Data processing history

Mid 1990s

Web application writes to an Relational Database Management System (very good at transactional processing)
Example of transactional processing:
conceptually think of an ATM (Auto Teller Machine) where you are mostly concerned about integrity. In that case the transaction is a single event where something get subtracted at one place and added to another place
Very good to power application on the web but less good for powering analytics at scale (with multiple RDBMSs and web applications)

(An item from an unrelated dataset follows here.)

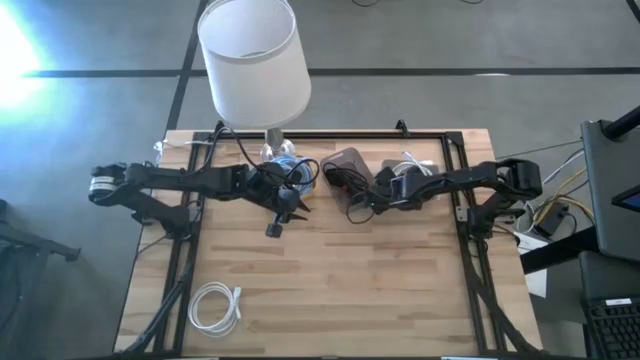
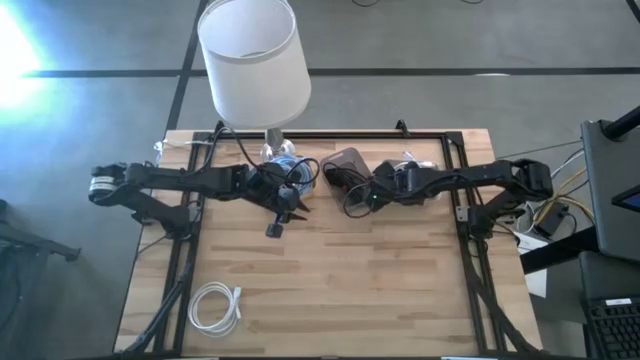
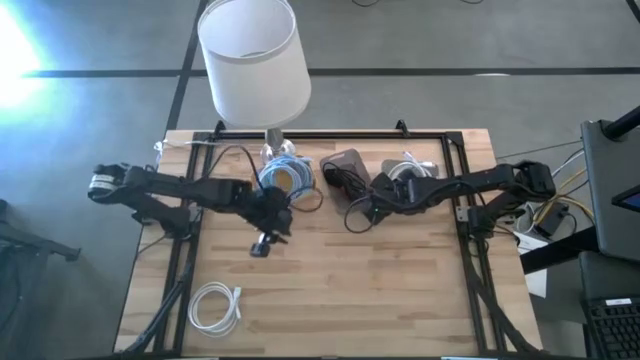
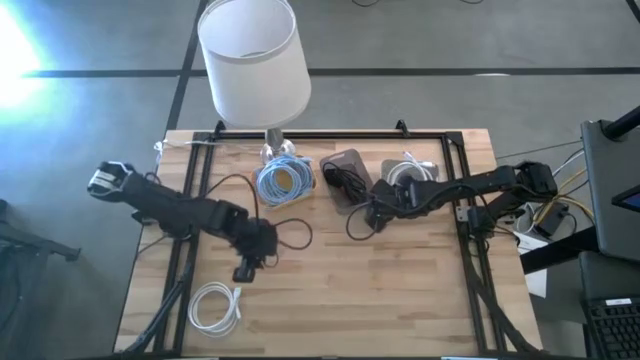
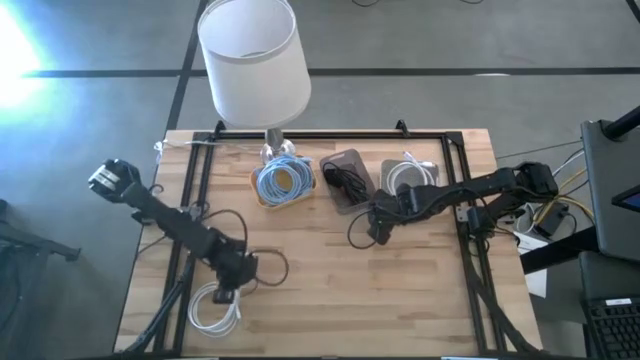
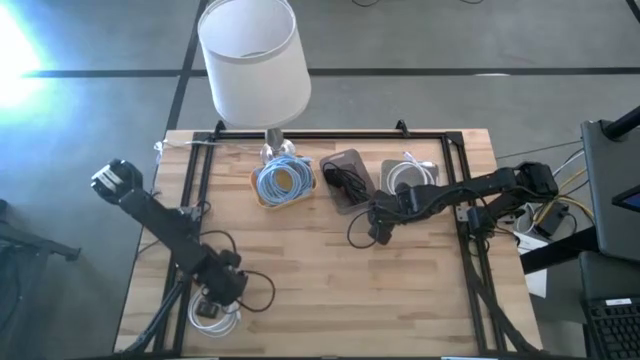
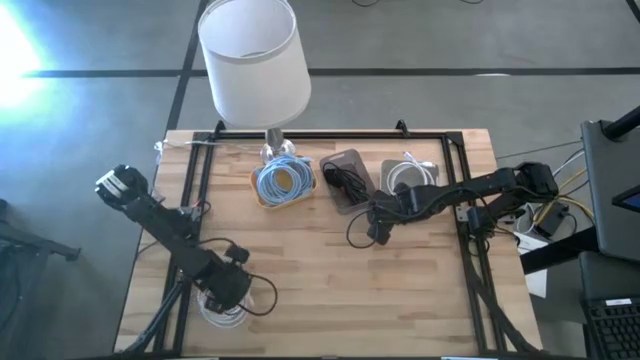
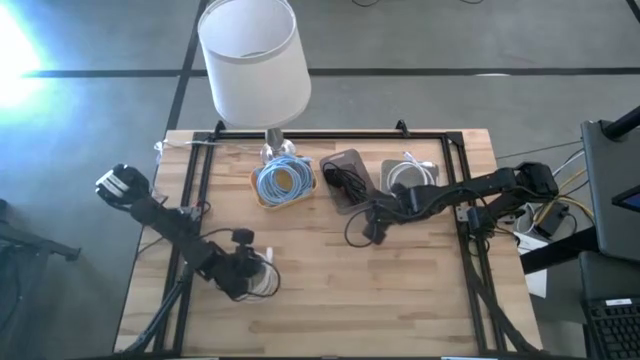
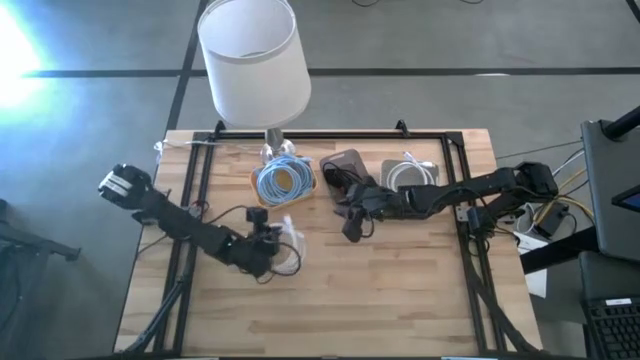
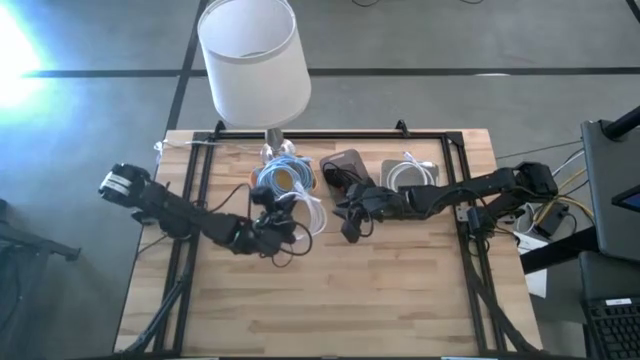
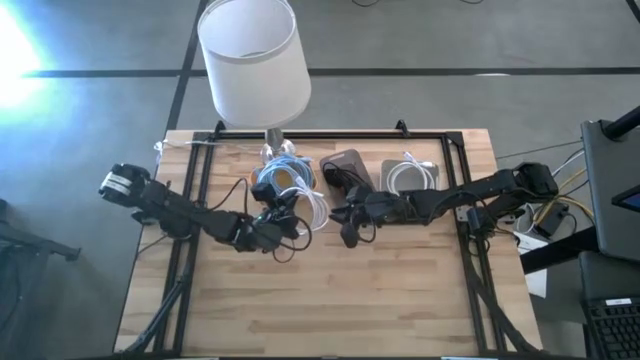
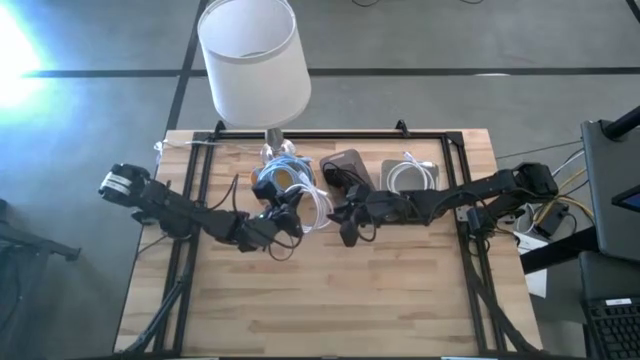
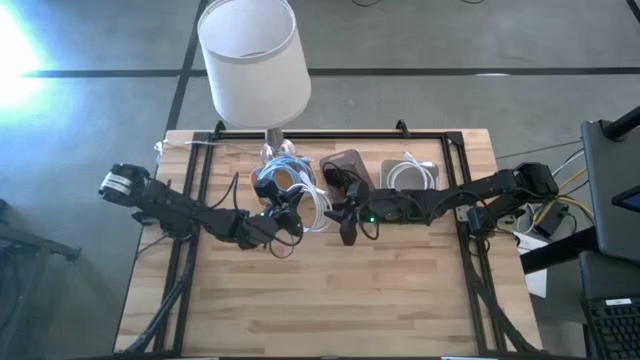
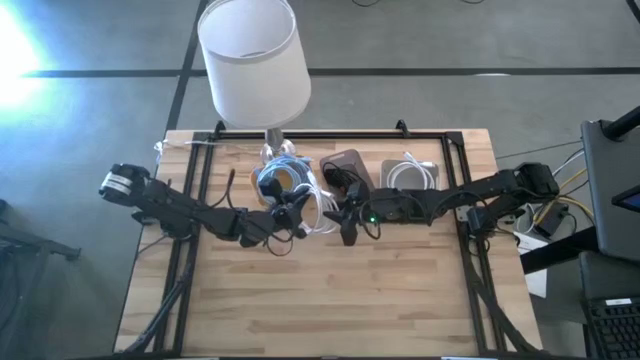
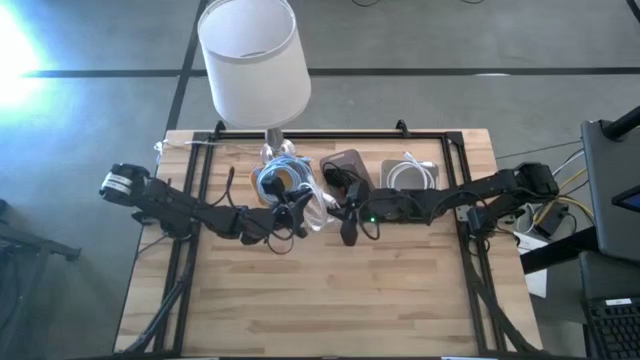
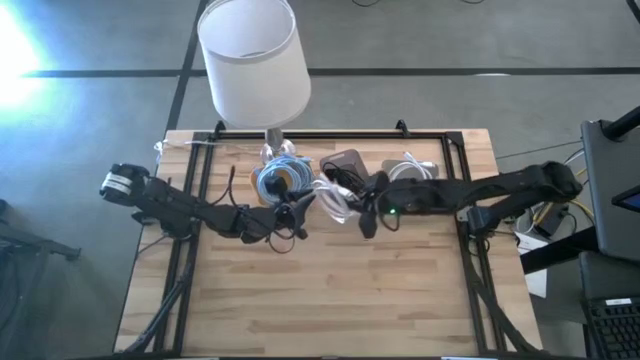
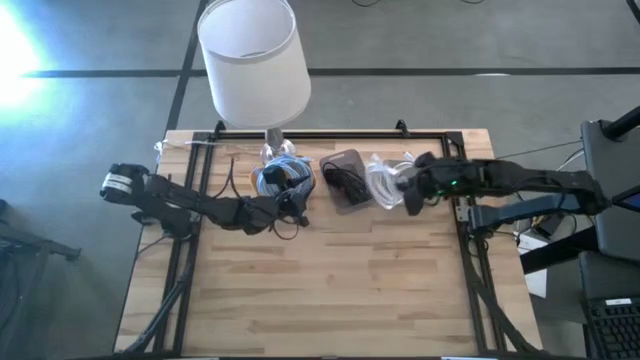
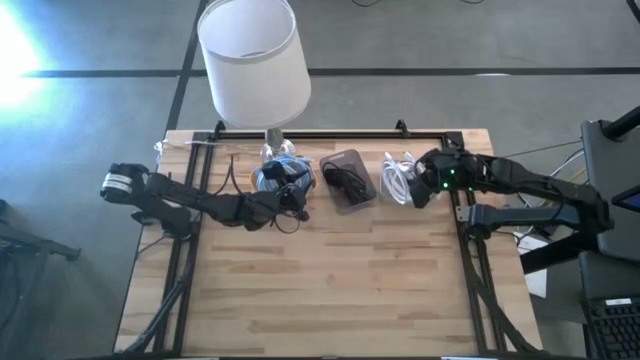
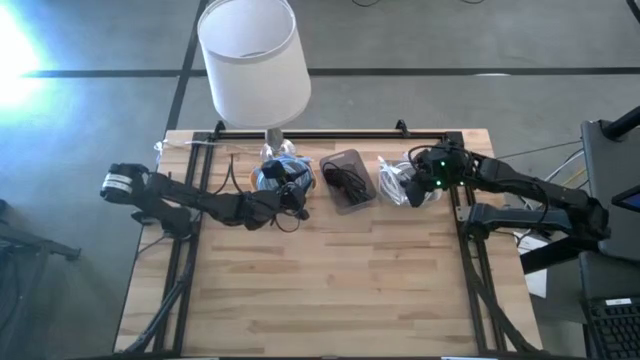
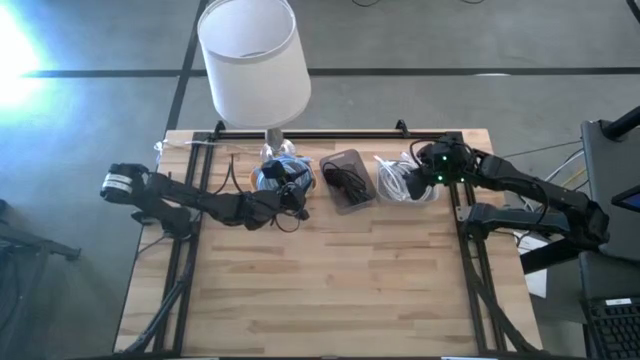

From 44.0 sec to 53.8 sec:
Task: Pick & Place USB Port
Put the white charger cable into the gray bin

ETL = Extract, Transform and Load. It extracts data from RDBMS or transactional system, transform it through more or less complex business logics (aggregations, filters, joins, etc.) and loads it into a data warehouse or BI (business intelligence) tool.
Example: think of a user facing application relying on a transactional system for managing trips reservations. If you want to see historical trends of bookings, prices at different point in time, you need to collect snapshots of the data everyday that were present, you can use an ETL + BI processing.
Data stored in the form of cubes of data to make processing faster but scaling issues at some point in time. Difficulties to handle high loads

Data warehouses systems like Vertica or Teradata where build to write SQL like queries to data
Not real strong visualization tools with these data warehouse systems
Tableau and others came in to provide a visualization layer on top of data warehousing technologies

Data warehouses had difficulty to scale with very high loads.
Google realized early the limits of vertical scalability. HDFS came in with possibility to scale horizontally with the possibility to distribute load across multiple machine.
HDFS could be interrogated using Hive/Presto types of framework
Hadoop and Spark used for computation transformation at scale

Massive amount of unstructured and sensor data
General complexification of the landscape
Notebooks became very popular and data scientist came into the picture.
Notebook is probably the most popular interface data scientists use to train ML models
Multiple roles in the organization to make it work

Note: never use this landscape as it was a peer-reviewed source of truth.

You will find very complex descriptions of data stacks but most data ecosystems are boiling down to a flavor of that architecture
Large commercial offerings can cover and traverse the layers on that slide (e.g. AWS, Microsoft, Google Cloud)
The (Analytical) data store block can be pretty thick and involve different techno/applications (from resource management, data storage, orchestration, batch and real time ingestion to some analytical capabilities)
In this course we will make a focus on data storage (HDFS) and transformation engine (with Spark)